Your answer should hold exactly the lines from the line containing "<!DOCTYPE svg PUBLIC" through the end of the entries that follow.

[Start of section]

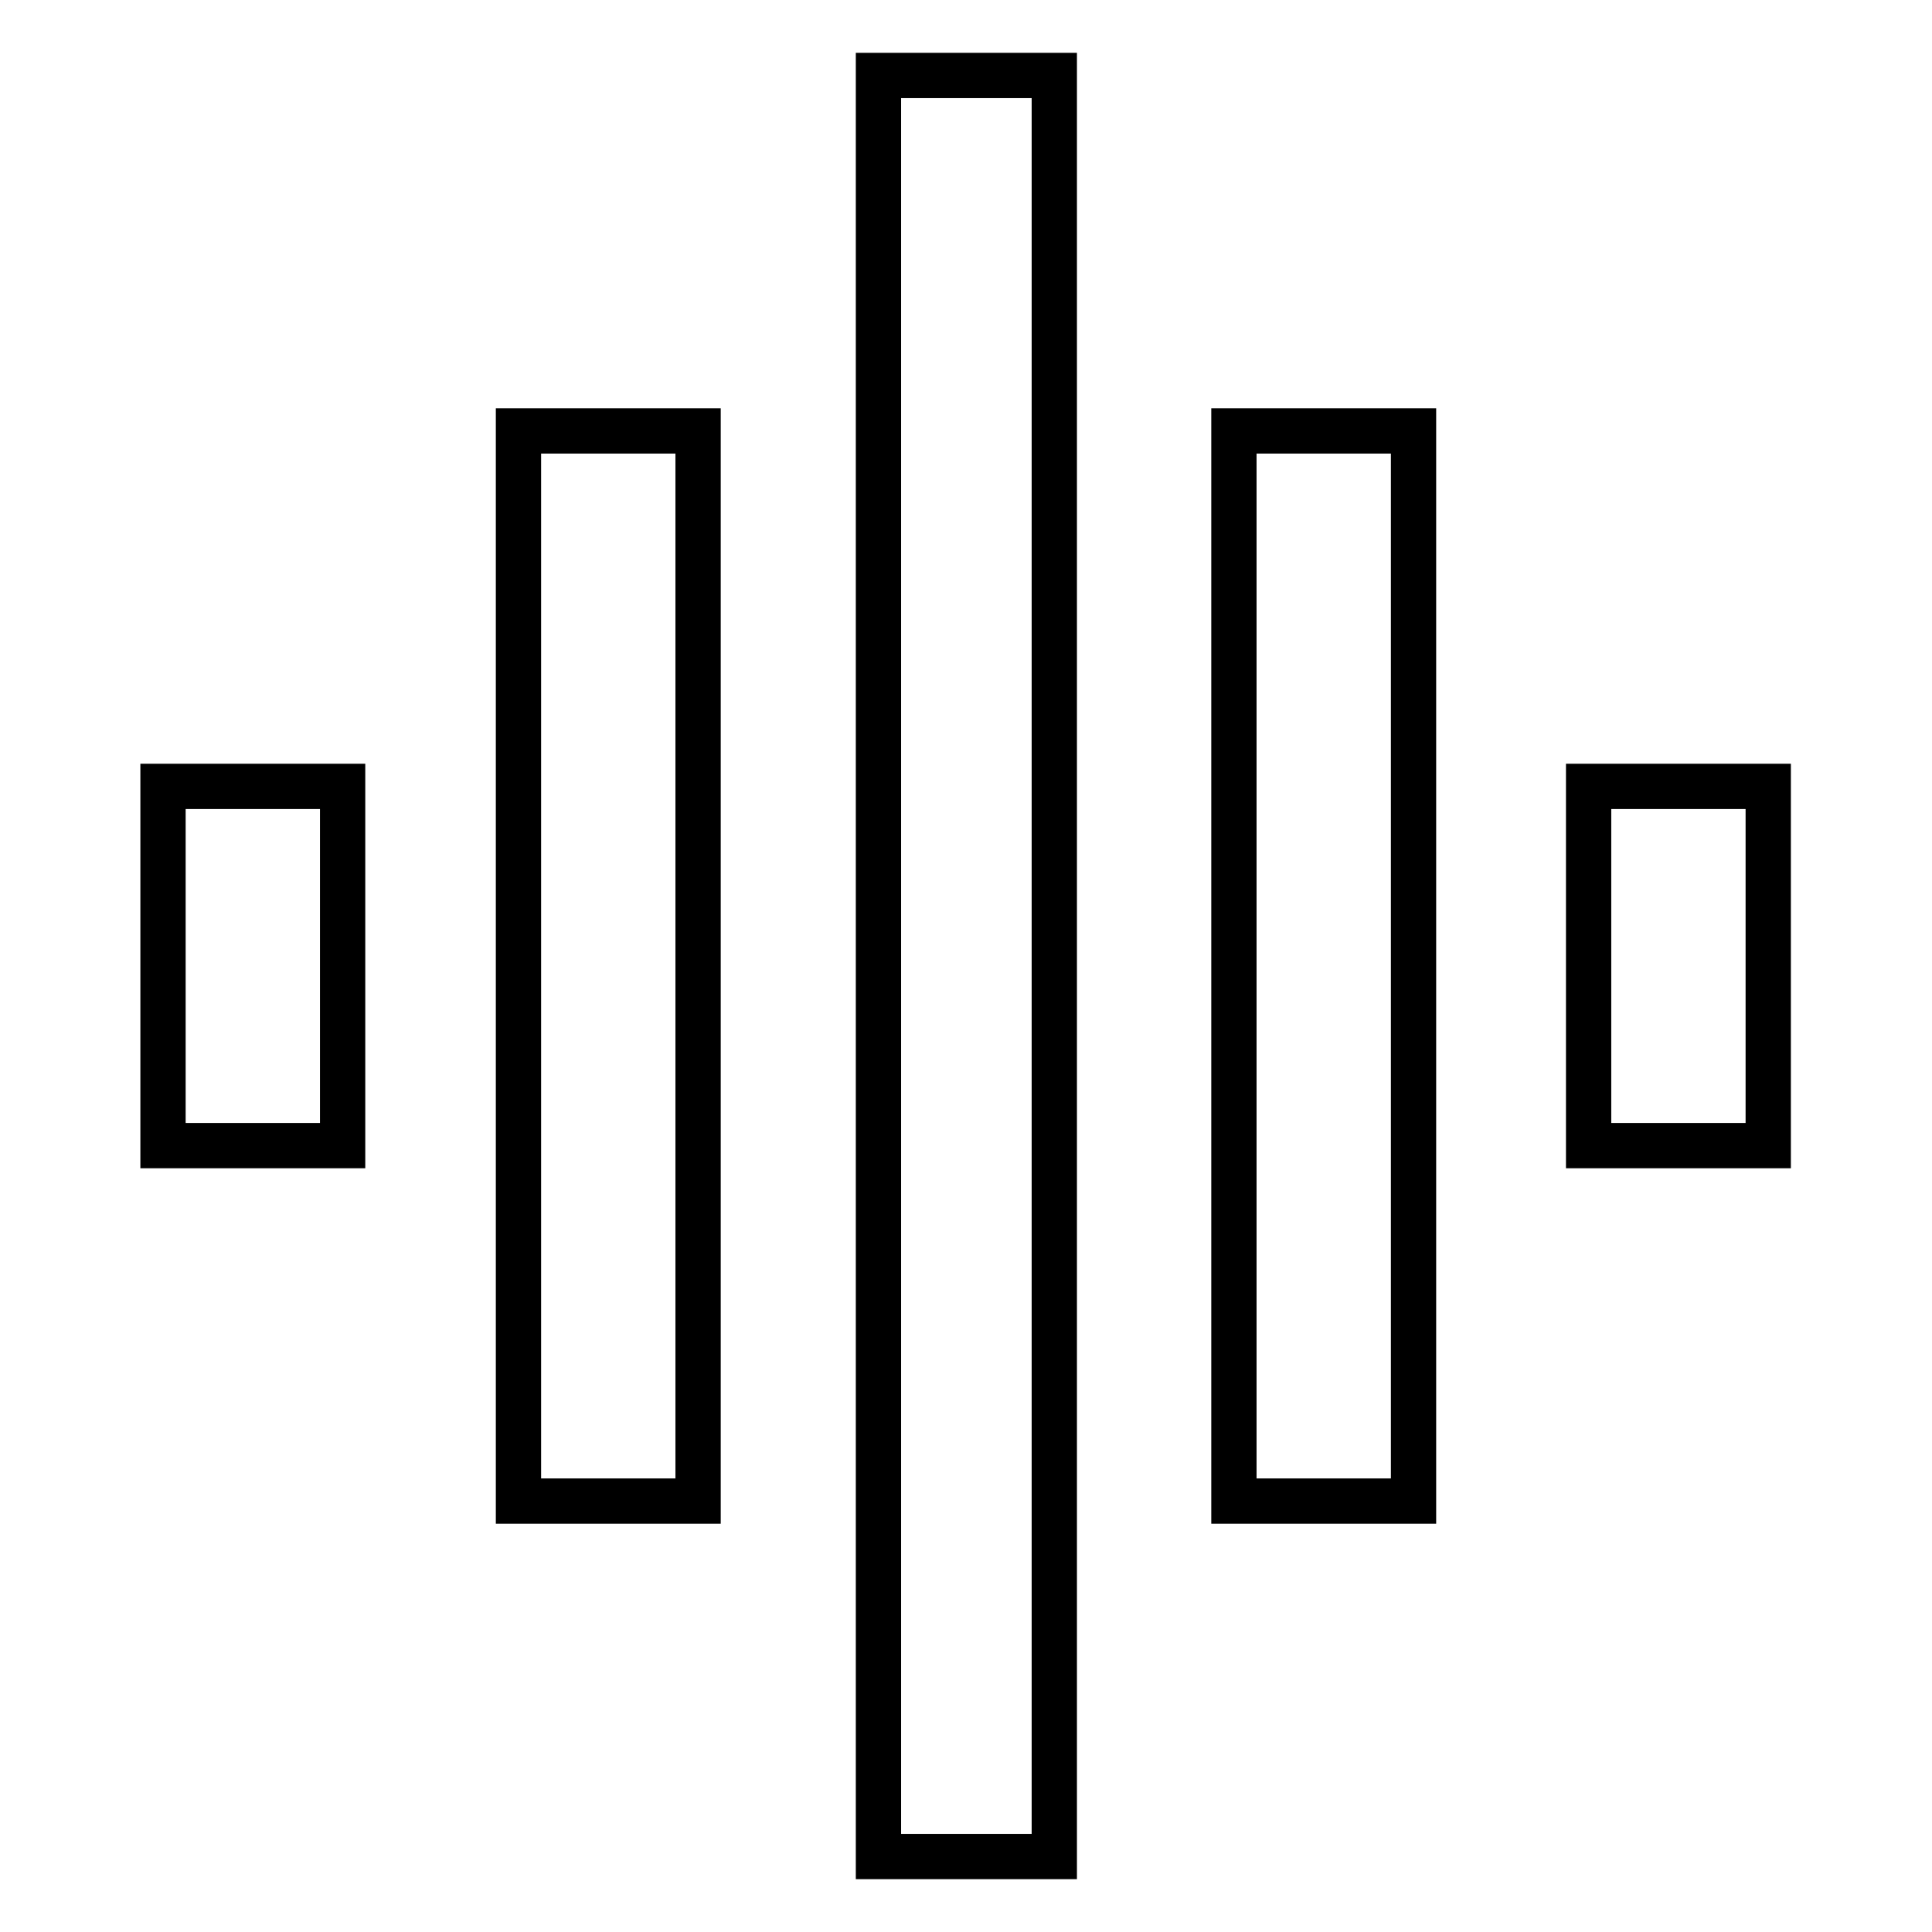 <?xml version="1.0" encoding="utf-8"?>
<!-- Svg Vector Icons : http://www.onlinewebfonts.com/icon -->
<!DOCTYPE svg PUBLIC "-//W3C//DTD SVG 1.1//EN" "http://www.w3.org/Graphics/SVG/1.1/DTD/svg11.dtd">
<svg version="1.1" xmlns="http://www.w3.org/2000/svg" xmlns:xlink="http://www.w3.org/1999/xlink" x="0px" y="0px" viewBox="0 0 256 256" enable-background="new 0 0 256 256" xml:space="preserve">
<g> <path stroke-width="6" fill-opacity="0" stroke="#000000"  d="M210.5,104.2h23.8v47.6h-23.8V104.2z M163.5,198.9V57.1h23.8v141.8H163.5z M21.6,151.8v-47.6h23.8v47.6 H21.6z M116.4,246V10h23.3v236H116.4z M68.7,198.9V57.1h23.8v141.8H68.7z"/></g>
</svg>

[End of section]

## Exercise answer
<!DOCTYPE svg PUBLIC "-//W3C//DTD SVG 1.1//EN" "http://www.w3.org/Graphics/SVG/1.1/DTD/svg11.dtd">
<svg version="1.1" xmlns="http://www.w3.org/2000/svg" xmlns:xlink="http://www.w3.org/1999/xlink" x="0px" y="0px" viewBox="0 0 256 256" enable-background="new 0 0 256 256" xml:space="preserve">
<g> <path stroke-width="6" fill-opacity="0" stroke="#000000"  d="M210.5,104.2h23.8v47.6h-23.8V104.2z M163.5,198.9V57.1h23.8v141.8H163.5z M21.6,151.8v-47.6h23.8v47.6 H21.6z M116.4,246V10h23.3v236H116.4z M68.7,198.9V57.1h23.8v141.8H68.7z"/></g>
</svg>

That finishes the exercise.